Japanese Yen: Japan Steps In to Support Weakening Yen Against Dollar

Japan Yen vs Dollar
Japanese Yen: Japan stepped in to support the yen after it hit its lowest point against the dollar in decades on Monday, according to individuals familiar with the situation.

The yen has been on a downward trend against the dollar throughout the year, largely due to growing uncertainty among traders regarding the timing of U.S. interest rate cuts.

On Monday, the yen weakened to approximately 160 per dollar before rebounding to around 155 per dollar after Japanese authorities initiated yen purchases and dollar sales, as reported by these individuals.

While Japanese officials did not formally acknowledge the intervention, Masato Kanda, the top currency official at the finance ministry, hinted at it, expressing concerns about the negative impacts of volatile currency movements on the national economy.

Kanda also stated that the government would continue to address such erratic currency fluctuations.

This intervention follows weeks of speculation among traders that Tokyo would take steps to support its struggling currency. Despite a bullish trend in Japanese stocks and overall economic improvement in the country, the yen has failed to gain traction, prompting concerns among traders.

Alvin Tan, head of Asia foreign-exchange strategy at RBC Capital Markets, believes that Japan is likely to intervene in the currency market again this year, especially with expectations of sustained high U.S. interest rates. He predicts ongoing tension between Tokyo’s intervention efforts and market forces.

The yen’s decline underscores the significant influence of U.S. interest rates on foreign currencies. Although few traders anticipate the Federal Reserve raising interest rates this year, the delay of anticipated rate cuts has contributed to the yen’s depreciation.

Japan’s historically low interest rates leave its currency susceptible to shifts in U.S. rate expectations. The yen has long been subject to “carry trades,” where traders borrow in low-interest-rate currencies and invest in higher-yielding assets elsewhere.
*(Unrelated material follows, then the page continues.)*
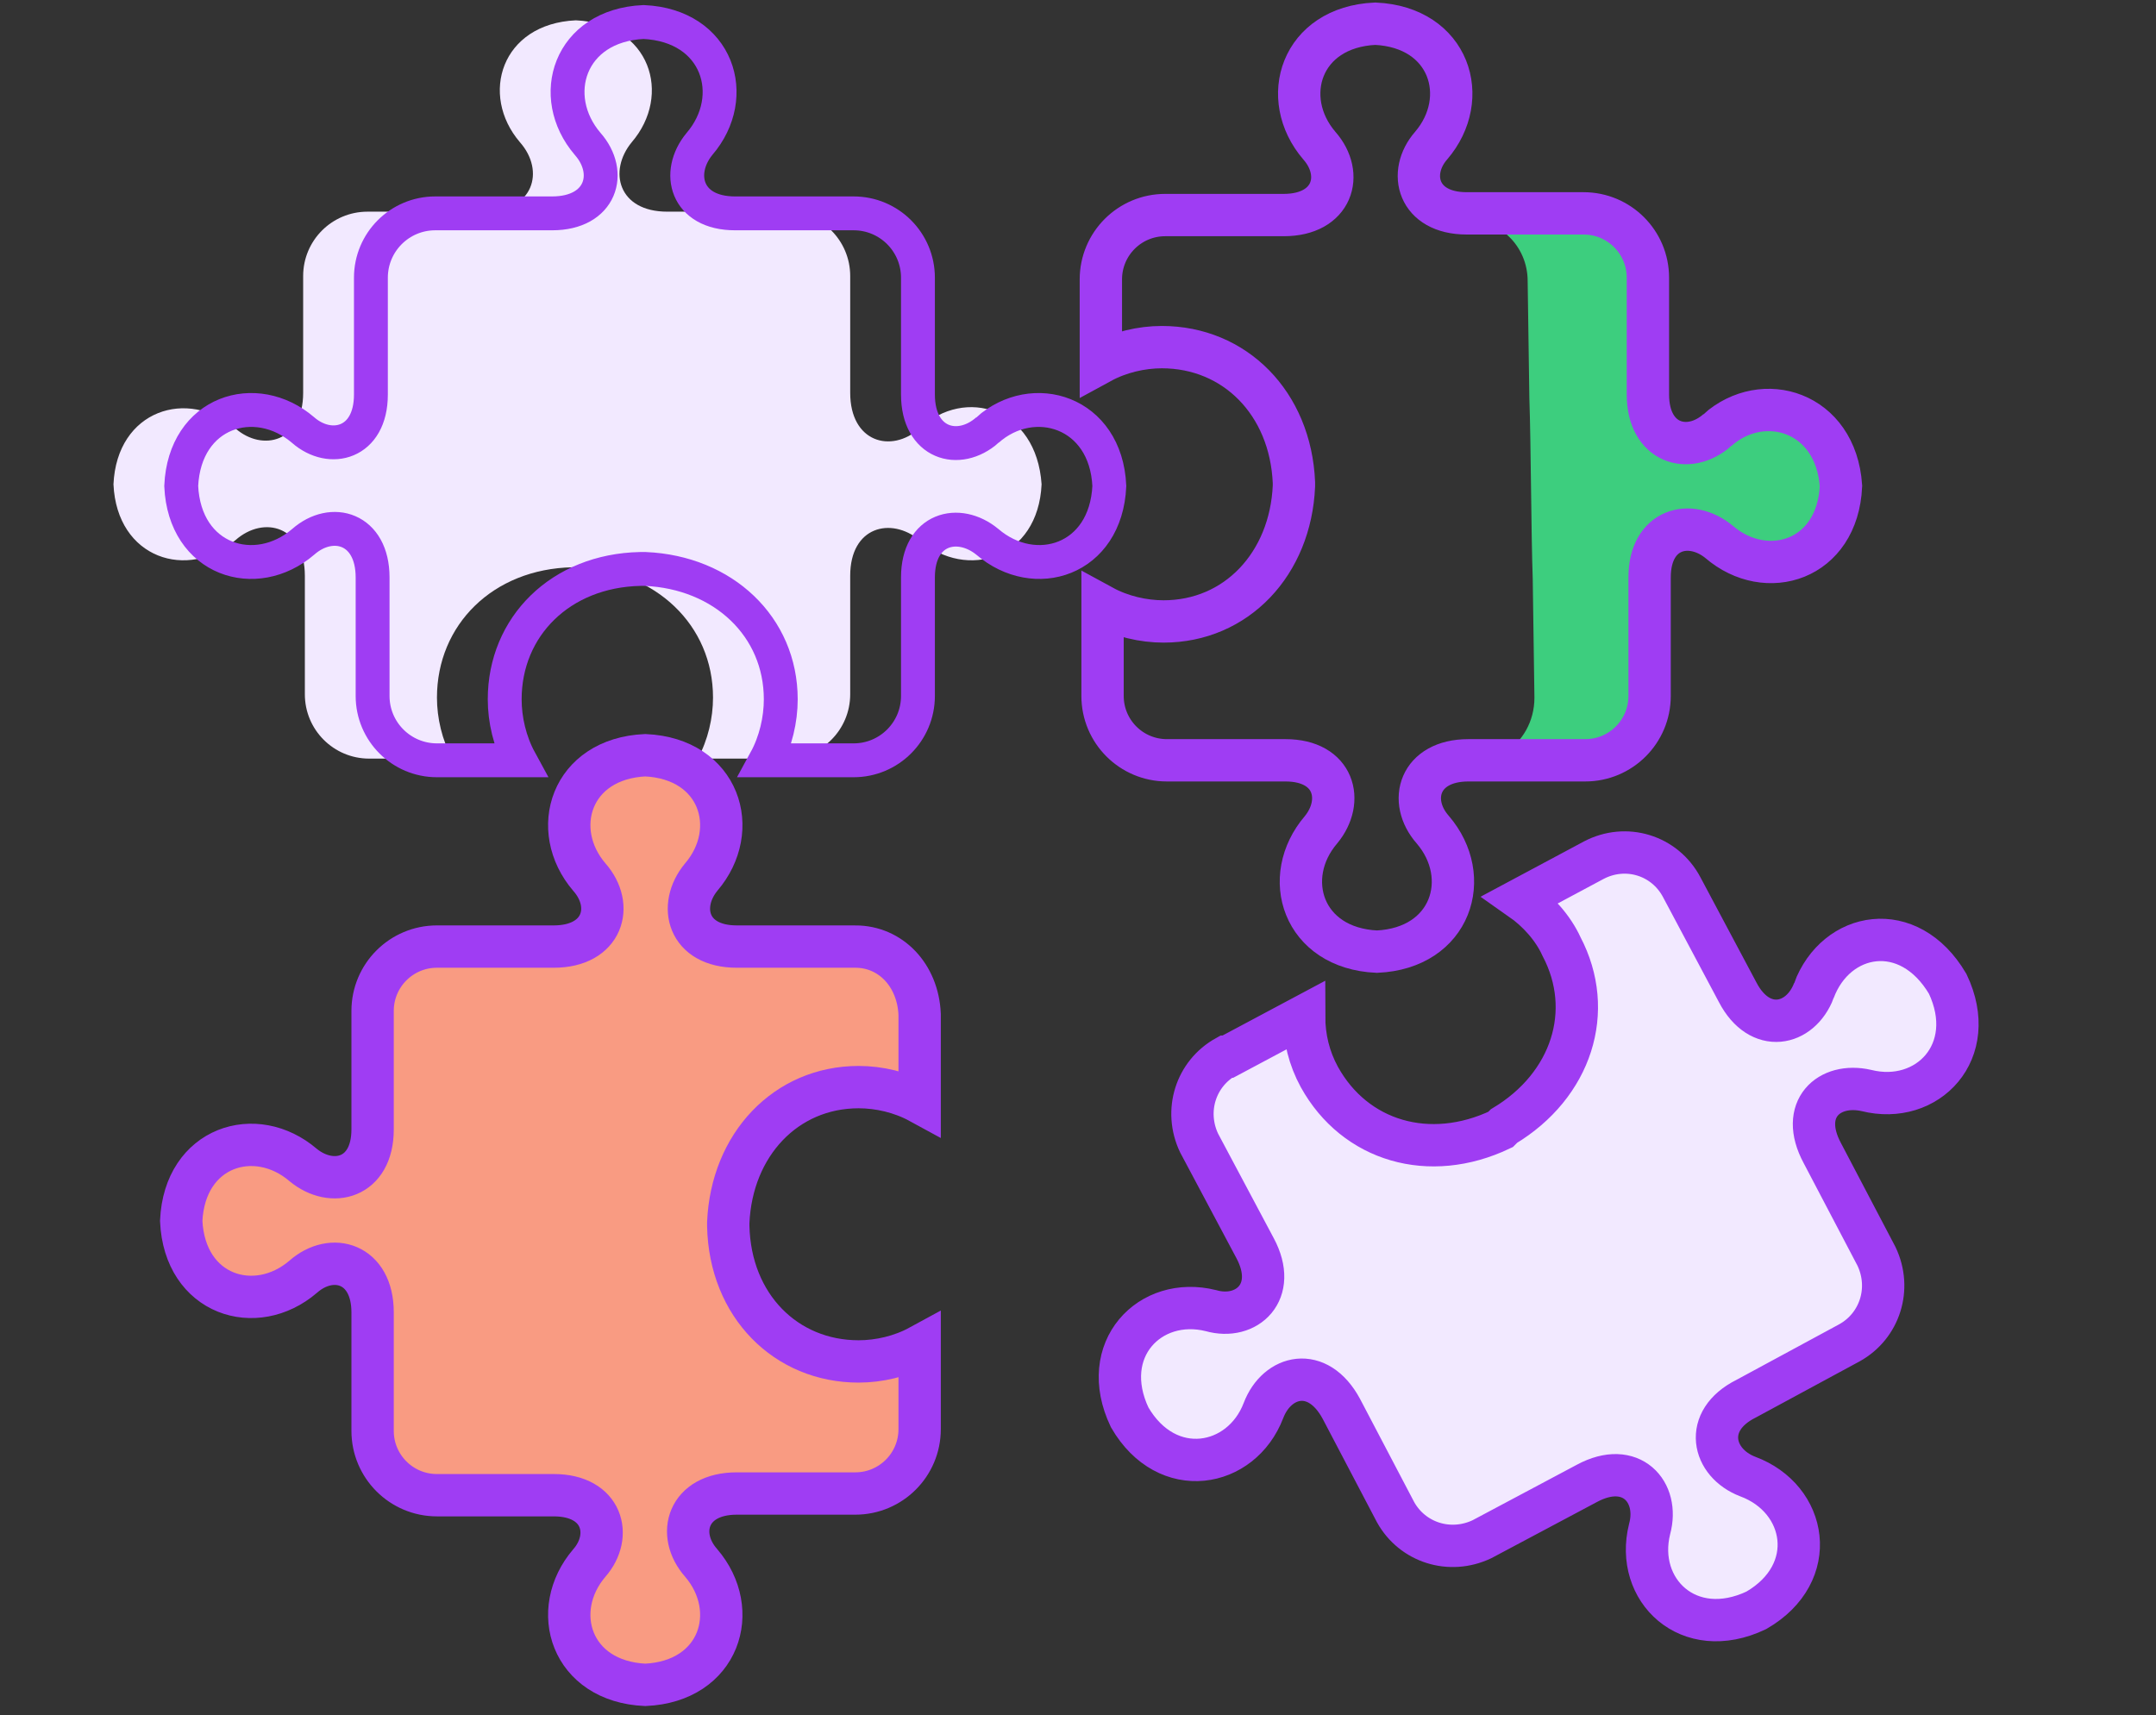 <svg enable-background="new 0 0 127.3 101.3" viewBox="0 0 127.3 101.3" xmlns="http://www.w3.org/2000/svg"><rect x="0" y="0" width="127.3" height="101.3" fill="#333333" stroke="none"/><path d="m86.4 12.9c2.1 0 3.8 1.6 3.8 3.7l.1 6.9c.1 2.9.1 7.8.2 10.7l.1 7c0 1.4-.7 2.6-1.8 3.3 0 .1 0 .1-.1.2l5.1-.1h.1c2.1 0 3.7-1.7 3.7-3.8l-.1-7c-.1-2.9 2.4-3.6 4.1-2.1 2.8 2.4 7 1 7.1-3.4-.3-4.4-4.5-5.7-7.2-3.2-1.6 1.5-4.1.9-4.1-2l-.1-6.9c0-2.1-1.7-3.7-3.8-3.7l-7 .1c-3 0-.1.3-.1.3z" fill="#3dce7e"/><path d="m107.1 58.5c-.8 2.1-3.2 2.6-4.5.1l-3.3-6.2c-1-1.9-3.3-2.6-5.2-1.6l-4.3 2.3c1 .7 1.9 1.7 2.4 2.8 2 3.8.6 8.2-3.4 10.6l-.1.1-.1.1c-4.2 2-8.6.7-10.7-3.1-.6-1.1-.9-2.3-.9-3.6l-4.5 2.4h-.1c-1.8 1-2.5 3.2-1.6 5.1l3.3 6.2c1.4 2.6-.5 4.3-2.6 3.7-3.6-.9-6.7 2.3-4.8 6.3 2.2 3.8 6.6 3 7.9-.4.8-2.1 3.2-2.7 4.6-.1l3.2 6.1c1 1.8 3.2 2.5 5.1 1.6l6.2-3.3c2.6-1.4 4.3.5 3.7 2.7-.9 3.6 2.3 6.7 6.3 4.8 3.8-2.2 3-6.6-.5-7.9-2.1-.8-2.7-3.3-.1-4.6l6.1-3.3c1.8-1 2.5-3.2 1.6-5.1l-3.2-6.1c-1.4-2.6.4-4.2 2.6-3.7 3.6.9 6.7-2.3 4.8-6.3-2.3-3.9-6.6-3.1-7.9.4z" fill="#f2e9ff" stroke="#9f3df3" stroke-miterlimit="10" stroke-width="2.5"/><path d="m54.3 25.3c-1.7 1.5-4.1.8-4.1-2.1v-6.9c0-2.1-1.7-3.8-3.8-3.8h-7c-2.9 0-3.5-2.4-2.1-4.1 2.4-2.8 1.1-7-3.3-7.2-4.4.2-5.7 4.4-3.3 7.2 1.5 1.7.8 4.1-2.1 4.1h-6.9c-2.1 0-3.8 1.7-3.8 3.8v6.9c0 2.9-2.4 3.5-4 2.1-2.8-2.4-7-1.1-7.2 3.3.2 4.4 4.4 5.7 7.2 3.3 1.7-1.5 4.1-.8 4.1 2.1v7c0 2.1 1.7 3.8 3.8 3.8h4.9c-.6-1.1-.9-2.4-.9-3.6 0-4.3 3.3-7.6 8-7.7h.2.1c4.6.2 8 3.4 8 7.7 0 1.2-.3 2.5-.9 3.6h5.1.1c2.1 0 3.8-1.7 3.8-3.8v-7c0-2.9 2.4-3.5 4.1-2.1 2.8 2.4 7 1.1 7.2-3.3-.3-4.5-4.5-5.8-7.2-3.3z" fill="#f2e9ff"/><g stroke="#9f3df3" stroke-miterlimit="10"><path d="m101.4 25.4c-1.7 1.5-4.1.8-4.1-2.1v-6.9c0-2.1-1.7-3.8-3.8-3.8h-6.9c-2.9 0-3.5-2.4-2.1-4 2.4-2.8 1.1-7-3.3-7.2-4.4.2-5.7 4.4-3.3 7.2 1.5 1.7.8 4.1-2.1 4.1h-7c-2.1 0-3.8 1.7-3.8 3.8v4.9c1.1-.6 2.4-.9 3.6-.9 4.3 0 7.6 3.3 7.8 8v.1.1c-.2 4.6-3.4 8-7.7 8-1.2 0-2.5-.3-3.6-.9v5.2.1c0 2.1 1.7 3.8 3.8 3.8h7c2.9 0 3.5 2.4 2.1 4.1-2.4 2.8-1.1 7 3.3 7.2 4.4-.2 5.7-4.4 3.3-7.2-1.5-1.7-.8-4.1 2.1-4.1h6.9c2.1 0 3.8-1.7 3.8-3.8v-7c0-2.9 2.4-3.5 4.1-2.1 2.8 2.4 7 1.1 7.2-3.3-.3-4.4-4.6-5.7-7.3-3.3z" fill="none" stroke-width="2.5"/><path d="m50.5 55.9h-7c-2.9 0-3.5-2.4-2.1-4.1 2.4-2.8 1.1-7-3.3-7.2-4.4.2-5.7 4.4-3.3 7.2 1.5 1.7.8 4.1-2.1 4.1h-6.9c-2.1 0-3.8 1.7-3.8 3.8v7c0 2.9-2.4 3.5-4.1 2.1-2.8-2.4-7-1.1-7.2 3.3.2 4.4 4.4 5.7 7.2 3.3 1.7-1.5 4.1-.8 4.1 2.1v7c0 2.1 1.7 3.8 3.8 3.8h6.9c2.9 0 3.5 2.4 2.1 4-2.4 2.8-1.1 7 3.3 7.2 4.4-.2 5.7-4.4 3.3-7.2-1.5-1.7-.8-4.1 2.1-4.1h7c2.1 0 3.8-1.7 3.8-3.8v-4.9c-1.1.6-2.4.9-3.6.9-4.3 0-7.6-3.3-7.7-8v-.1-.1c.2-4.6 3.4-8 7.7-8 1.2 0 2.5.3 3.6.9v-5.1-.1c-.1-2.3-1.7-4-3.8-4z" fill="#f99b82" stroke-width="2.5"/><path d="m58.3 25.4c-1.7 1.5-4.1.8-4.1-2.1v-6.9c0-2.1-1.7-3.8-3.8-3.8h-7c-2.9 0-3.5-2.4-2.1-4.1 2.4-2.8 1.1-7-3.3-7.2-4.4.2-5.7 4.4-3.3 7.2 1.5 1.7.8 4.1-2.1 4.1h-6.9c-2.1 0-3.8 1.7-3.8 3.8v6.9c0 2.9-2.4 3.5-4 2.1-2.8-2.4-7-1.1-7.2 3.3.2 4.4 4.4 5.7 7.2 3.3 1.7-1.5 4.1-.8 4.1 2.1v7c0 2.1 1.7 3.8 3.8 3.8h4.9c-.6-1.1-.9-2.4-.9-3.6 0-4.3 3.3-7.6 8-7.7h.2.1c4.6.2 8 3.4 8 7.7 0 1.2-.3 2.5-.9 3.6h5.1.1c2.1 0 3.8-1.7 3.8-3.8v-7c0-2.9 2.4-3.5 4.1-2.1 2.8 2.4 7 1.1 7.2-3.3-.2-4.4-4.5-5.7-7.2-3.3z" fill="none" stroke-width="2"/></g></svg>

While Japan has gradually shifted away from ultra-loose monetary policies, becoming the last major central bank to abandon negative interest rates in March, the yen has continued to weaken against the dollar.

Despite expectations for yen strengthening, the currency has depreciated by over 9% against the dollar this year, prompting increased bets against its appreciation.

The yen experienced a sharp decline last Friday following the Bank of Japan’s decision to maintain its interest rate target, disappointing traders who had hoped for indications of future rate increases.

Japan’s last official attempt to bolster the yen against the dollar was in October 2022 when the Ministry of Finance announced it had purchased yen worth approximately $41.1 billion at the time’s exchange rate.

The intervention coincided with a public holiday in Japan on Monday, leading to reduced trading volumes.